= Rollup =

Investment process where small companies are acquired and merged

A rollup (also "roll-up" or "roll up") is a process used by investors (commonly private equity firms) where multiple small companies in the same market are acquired and merged.

The principal aim of a rollup is to reduce costs through economies of scale. It also has the effect of increasing the valuation multiples the business can command as it acquires greater scale. Rollups may also have the effect of rationalizing competition in crowded and fragmented markets, where there are often many small participants but room for only a few to succeed.

An investor faced with an opportunity to invest in two competing companies may reduce risk by simply investing in both and merging them. Rollups are often part of the shakeout and consolidation process during an economic downturn or as new market sectors begin to mature.

The characteristics that can make a rollup particularly attractive come into play especially when there are many small players in a fragmented market or in fields where technology can play a role in revitalizing industries with small margins. The other reason companies do rollups is due to the higher earnings multiple achievable in businesses with large scale, compared to smaller mom and pop operations which remain vulnerable to changing markets and poor access to capital markets.

Rollups of complementary or unrelated companies are also done to:
- Build a full-capability company, when it would be too costly or time-consuming to develop the missing pieces through internal expansion.
- Blending companies have different financial metrics, often to make the combined company attractive for investment, mergers and acquisitions, or an initial public offering.

== History ==
Rollups are almost as old as modern commerce, with some early capitalists persuading their competitors to sell out. The trend reached a peak during the 19th century era of the robber barons, when people like Andrew Carnegie were consolidating heavy industry and John D. Rockefeller was aggregating the oil industry. James Buchanan Duke bought so many manufacturers that at one point he was controlling 80% of the tobacco business in the US and a huge share of the international trade. These monopolistic attempts concerned authorities and led to a series of anti-trust laws and measures in the early 20th century.
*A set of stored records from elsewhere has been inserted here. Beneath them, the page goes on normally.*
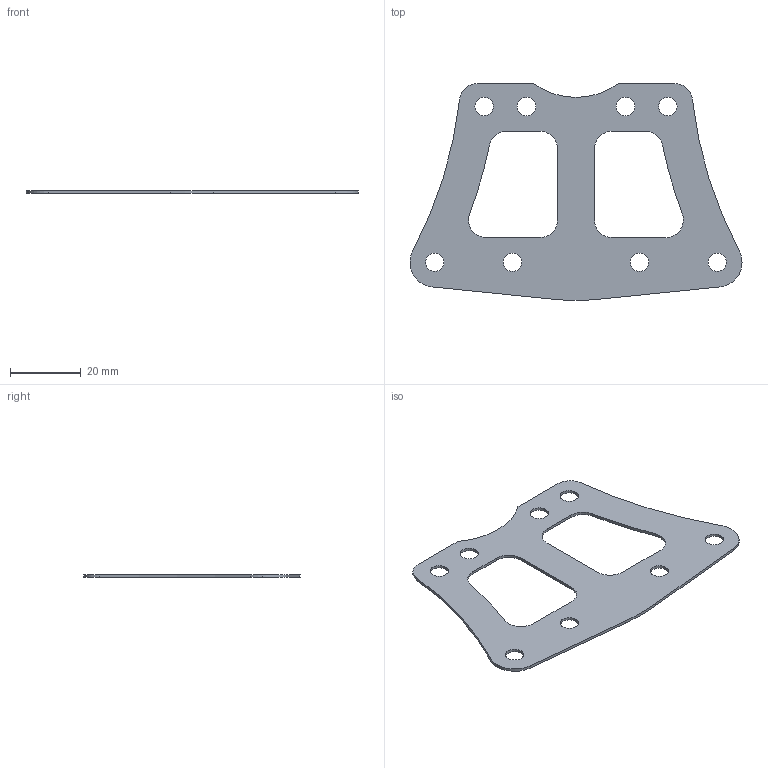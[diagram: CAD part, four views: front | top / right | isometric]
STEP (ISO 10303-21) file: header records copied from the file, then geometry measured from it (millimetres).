
FILE_DESCRIPTION (( 'STEP AP214' ), '1' );
FILE_NAME ('plaquette.STEP', '2019-01-06T11:03:31', ( '' ), ( '' ), 'SwSTEP 2.0', 'SolidWorks 2018', '' );
FILE_SCHEMA (( 'AUTOMOTIVE_DESIGN' ));
Length unit declared in the file: millimetre
Products named in the file (1): plaquette
Bounding box: 94 x 61.37 x 0.8 mm (x, y, z)
Volume: 2500.9 mm3; surface area: 6729.4 mm2
Topology: 1 solids, 1 shells, 48 faces, 138 edges, 92 vertices
Faces by surface type: cylinder 36, plane 12
Entity records: 1688 total; most frequent: DIRECTION 308, CARTESIAN_POINT 279, ORIENTED_EDGE 276, EDGE_CURVE 138, AXIS2_PLACEMENT_3D 121, VERTEX_POINT 92, CIRCLE 72, EDGE_LOOP 68

Kraft Foods (now renamed Mondelēz International), created in 1923, was an important rollup in the food industry.

Waste Management was the most notable rollup during the 1970s and 1980s. Waste Management's acquisition of 133 small-time haulers quickly became the largest waste disposal company in the US. AutoNation was also a rollup effort in the car dealership space spearheaded by Wayne Huizenga, founder of Waste Management.

From 2008 to 2014, Valeant Pharmaceuticals International acquired over 100 companies in a rollup.